§ What to produce
Give the lines below again, exactly as they stand, and leave out the images.
◆ ◆ ◆ ◆ ◆
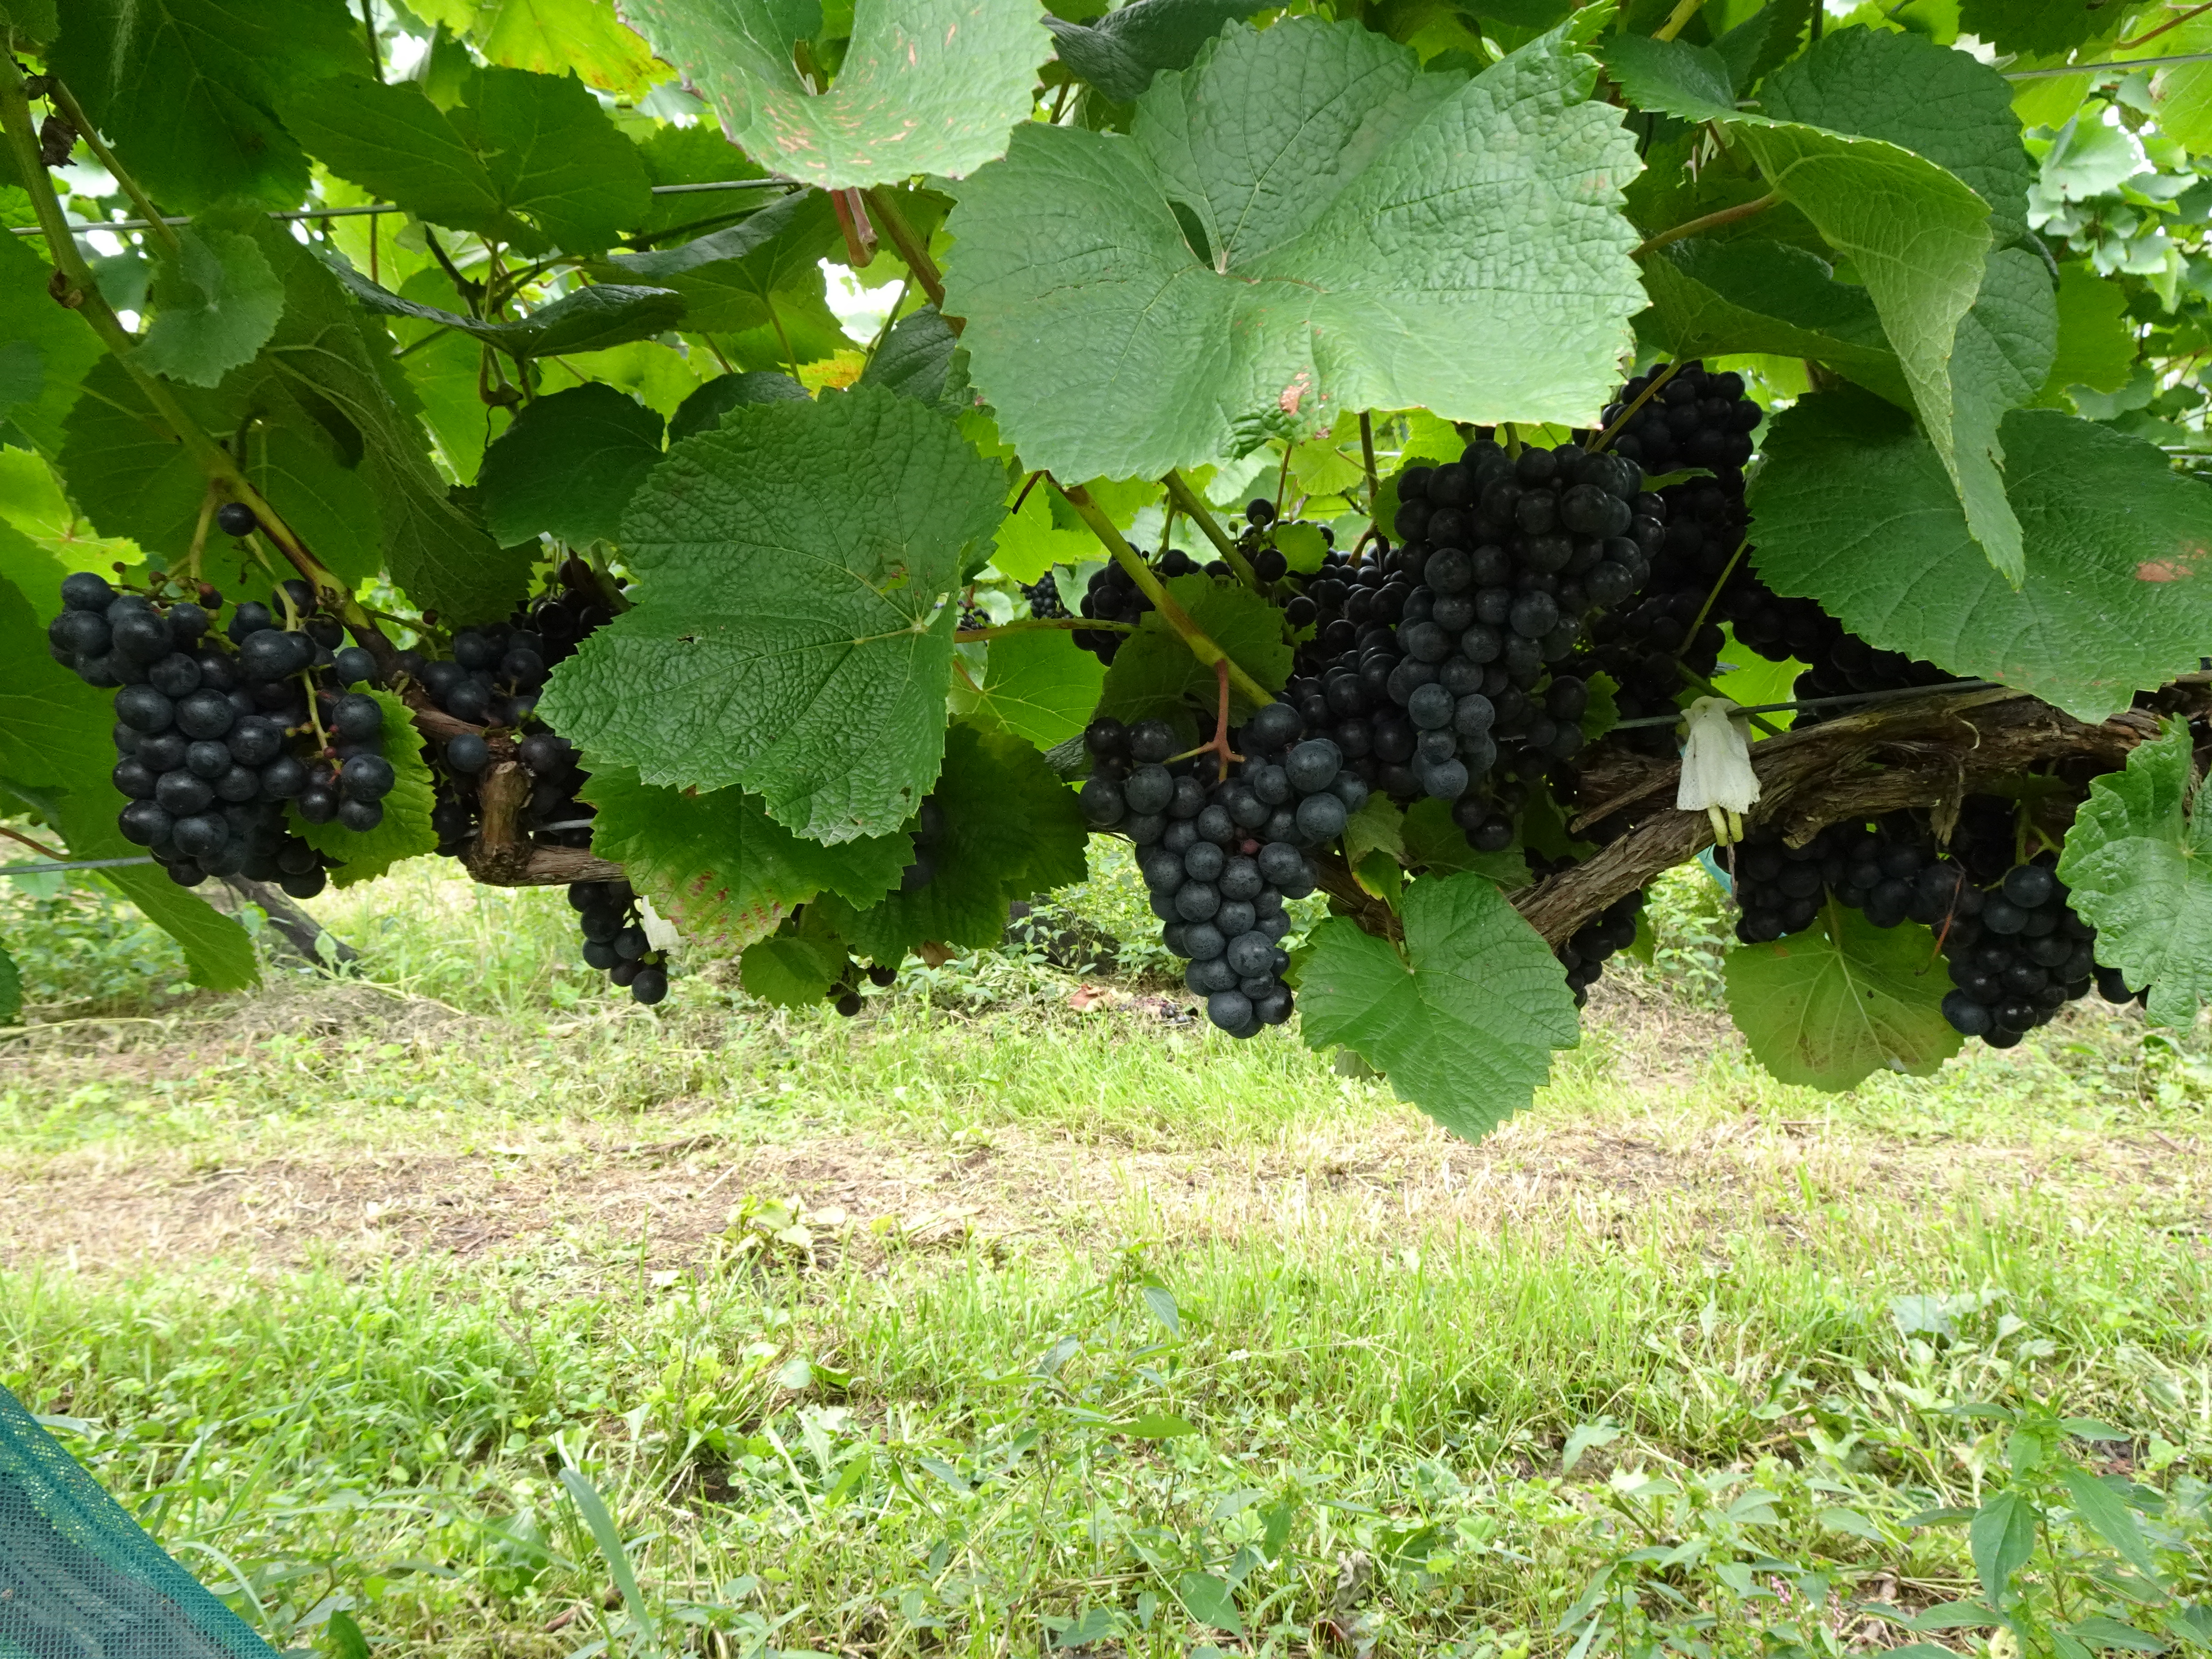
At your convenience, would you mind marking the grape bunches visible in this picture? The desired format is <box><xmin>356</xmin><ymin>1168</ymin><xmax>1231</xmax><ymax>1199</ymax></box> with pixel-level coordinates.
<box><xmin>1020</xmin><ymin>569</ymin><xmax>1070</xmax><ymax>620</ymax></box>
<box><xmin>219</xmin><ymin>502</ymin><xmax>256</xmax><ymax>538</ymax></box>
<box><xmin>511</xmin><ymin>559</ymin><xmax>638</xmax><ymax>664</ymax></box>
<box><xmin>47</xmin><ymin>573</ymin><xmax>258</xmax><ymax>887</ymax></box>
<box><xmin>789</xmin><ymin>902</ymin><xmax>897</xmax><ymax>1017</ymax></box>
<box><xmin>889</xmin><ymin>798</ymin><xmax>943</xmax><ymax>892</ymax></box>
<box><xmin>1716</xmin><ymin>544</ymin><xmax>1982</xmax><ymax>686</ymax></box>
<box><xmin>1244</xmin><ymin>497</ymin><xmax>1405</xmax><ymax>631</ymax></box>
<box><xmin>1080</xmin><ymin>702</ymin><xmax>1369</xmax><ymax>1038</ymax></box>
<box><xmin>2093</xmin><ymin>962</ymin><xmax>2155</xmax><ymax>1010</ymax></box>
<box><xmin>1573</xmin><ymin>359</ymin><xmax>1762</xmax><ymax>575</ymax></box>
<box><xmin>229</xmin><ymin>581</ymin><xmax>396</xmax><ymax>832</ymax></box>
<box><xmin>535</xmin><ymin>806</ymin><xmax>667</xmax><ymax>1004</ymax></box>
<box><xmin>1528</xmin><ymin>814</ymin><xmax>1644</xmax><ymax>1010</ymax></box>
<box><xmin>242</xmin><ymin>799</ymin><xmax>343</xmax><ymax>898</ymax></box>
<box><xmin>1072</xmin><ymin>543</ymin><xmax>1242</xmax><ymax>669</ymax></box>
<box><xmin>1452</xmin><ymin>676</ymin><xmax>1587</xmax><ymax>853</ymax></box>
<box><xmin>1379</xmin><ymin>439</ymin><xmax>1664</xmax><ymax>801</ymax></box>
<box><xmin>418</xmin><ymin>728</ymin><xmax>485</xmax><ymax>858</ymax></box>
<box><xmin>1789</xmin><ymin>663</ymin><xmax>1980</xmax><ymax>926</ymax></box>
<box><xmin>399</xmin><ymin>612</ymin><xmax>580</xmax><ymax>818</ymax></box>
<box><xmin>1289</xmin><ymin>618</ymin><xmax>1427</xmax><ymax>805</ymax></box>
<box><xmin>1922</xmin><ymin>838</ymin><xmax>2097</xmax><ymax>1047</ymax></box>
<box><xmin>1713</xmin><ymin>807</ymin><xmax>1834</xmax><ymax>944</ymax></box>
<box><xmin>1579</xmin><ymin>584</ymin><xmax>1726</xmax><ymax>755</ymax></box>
◆ ◆ ◆ ◆ ◆
§ Result of this task
At your convenience, would you mind marking the grape bunches visible in this picture? The desired format is <box><xmin>356</xmin><ymin>1168</ymin><xmax>1231</xmax><ymax>1199</ymax></box> with pixel-level coordinates.
<box><xmin>1020</xmin><ymin>569</ymin><xmax>1070</xmax><ymax>620</ymax></box>
<box><xmin>219</xmin><ymin>502</ymin><xmax>256</xmax><ymax>538</ymax></box>
<box><xmin>511</xmin><ymin>559</ymin><xmax>638</xmax><ymax>664</ymax></box>
<box><xmin>47</xmin><ymin>573</ymin><xmax>258</xmax><ymax>887</ymax></box>
<box><xmin>789</xmin><ymin>902</ymin><xmax>897</xmax><ymax>1017</ymax></box>
<box><xmin>889</xmin><ymin>798</ymin><xmax>943</xmax><ymax>892</ymax></box>
<box><xmin>1716</xmin><ymin>544</ymin><xmax>1982</xmax><ymax>686</ymax></box>
<box><xmin>1244</xmin><ymin>497</ymin><xmax>1405</xmax><ymax>631</ymax></box>
<box><xmin>1080</xmin><ymin>702</ymin><xmax>1369</xmax><ymax>1038</ymax></box>
<box><xmin>2093</xmin><ymin>962</ymin><xmax>2155</xmax><ymax>1010</ymax></box>
<box><xmin>1573</xmin><ymin>359</ymin><xmax>1762</xmax><ymax>575</ymax></box>
<box><xmin>229</xmin><ymin>581</ymin><xmax>396</xmax><ymax>832</ymax></box>
<box><xmin>535</xmin><ymin>806</ymin><xmax>667</xmax><ymax>1004</ymax></box>
<box><xmin>1528</xmin><ymin>814</ymin><xmax>1644</xmax><ymax>1010</ymax></box>
<box><xmin>242</xmin><ymin>799</ymin><xmax>343</xmax><ymax>898</ymax></box>
<box><xmin>1072</xmin><ymin>543</ymin><xmax>1242</xmax><ymax>669</ymax></box>
<box><xmin>1452</xmin><ymin>676</ymin><xmax>1587</xmax><ymax>853</ymax></box>
<box><xmin>1379</xmin><ymin>439</ymin><xmax>1664</xmax><ymax>801</ymax></box>
<box><xmin>418</xmin><ymin>728</ymin><xmax>485</xmax><ymax>858</ymax></box>
<box><xmin>1789</xmin><ymin>663</ymin><xmax>1980</xmax><ymax>926</ymax></box>
<box><xmin>399</xmin><ymin>612</ymin><xmax>580</xmax><ymax>818</ymax></box>
<box><xmin>1289</xmin><ymin>618</ymin><xmax>1427</xmax><ymax>805</ymax></box>
<box><xmin>1922</xmin><ymin>838</ymin><xmax>2097</xmax><ymax>1047</ymax></box>
<box><xmin>1713</xmin><ymin>807</ymin><xmax>1834</xmax><ymax>944</ymax></box>
<box><xmin>1579</xmin><ymin>584</ymin><xmax>1726</xmax><ymax>755</ymax></box>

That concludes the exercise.